Song by Alfred De Manby
- Released: 1916
- Recorded: May 31, 1916
- Length: 2:14
- Label: Columbia
- Composer(s): Francis Dorel
- Lyricist(s): Edward Teschemacher

= Calling Me Home to You =

"Calling Me Home To You" is an American song written by Edward Teschemacher and composed by Francis Dorel.

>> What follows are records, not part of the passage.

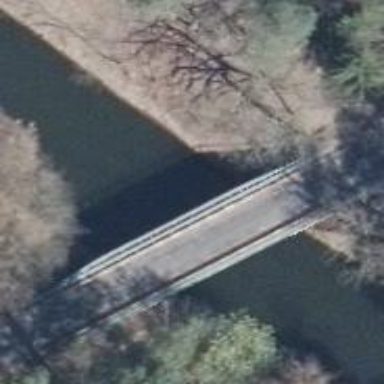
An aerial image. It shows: There is bridge in the image.
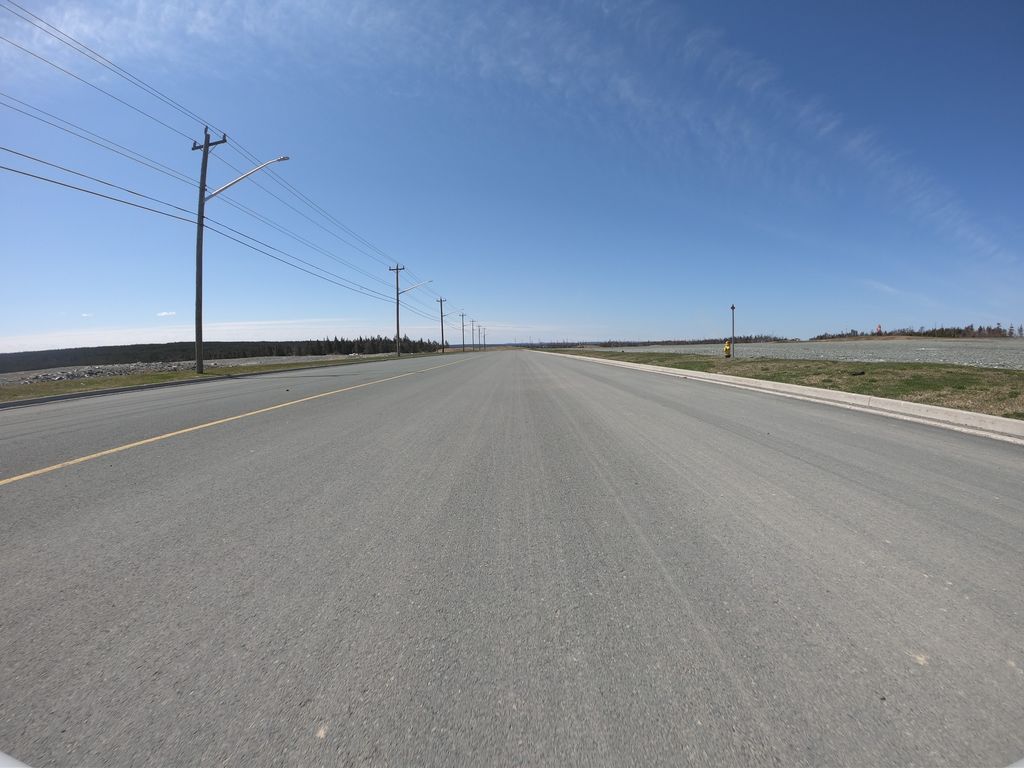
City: st_johns
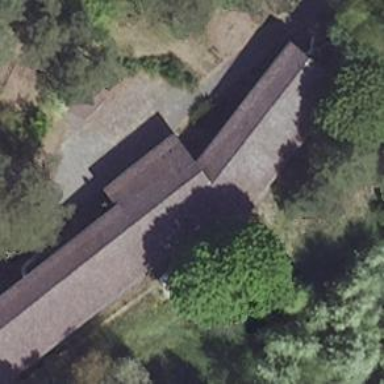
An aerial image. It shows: Kindergarten building.

The song was first recorded on May 31, 1916, by Alfred De Manby, a baritone vocalist, for Columbia Records.

== Recording and commercial success ==

The score was mentioned in the "New Music —Vocal and Instrumental" section of Musical America in November 1916 as a new ballad by Boosey & Co.
In 1917, the sheet music for Dorel's Calling Me Home to You was described by Billboard as being "still one of the most appealing ballads".

Calling Me Home to You was recorded along with "My Irish Song of Songs", "Little Mother of Mine", and "God be with our boys tonight" by John McCormick for Victor "Red Seal" records on April 30, 1918. The former three songs required two takes each, with the latter requiring only one. Both Little Mother of Mine and God Be with our Boys Tonight by McCormack charted #3 on US charts in 1918, with McCormack's renditions of Calling Me Home to You and My Irish Song of Songs both failing to chart. Calling You Home to Me was McCormack's third recording of a composition by Francis Dorel, the first two recordings being When My Ships Come Sailing Home in 1915 and Love Bells in 1916. Neither When My Ships Come Sailing Home nor Love Bells succeeded on American Charts in their respective years.

A prior recording of Calling Me Home to You sung by Oscar Seagle in March charted #4 on US charts that same year. The flip side of Seagle's rendition included a recording of There's a Long, Long Trail which Seagle recorded with the Columbia Stellar Quartette.

Another performer who is known for having this song in their repertoire is Topliss Green.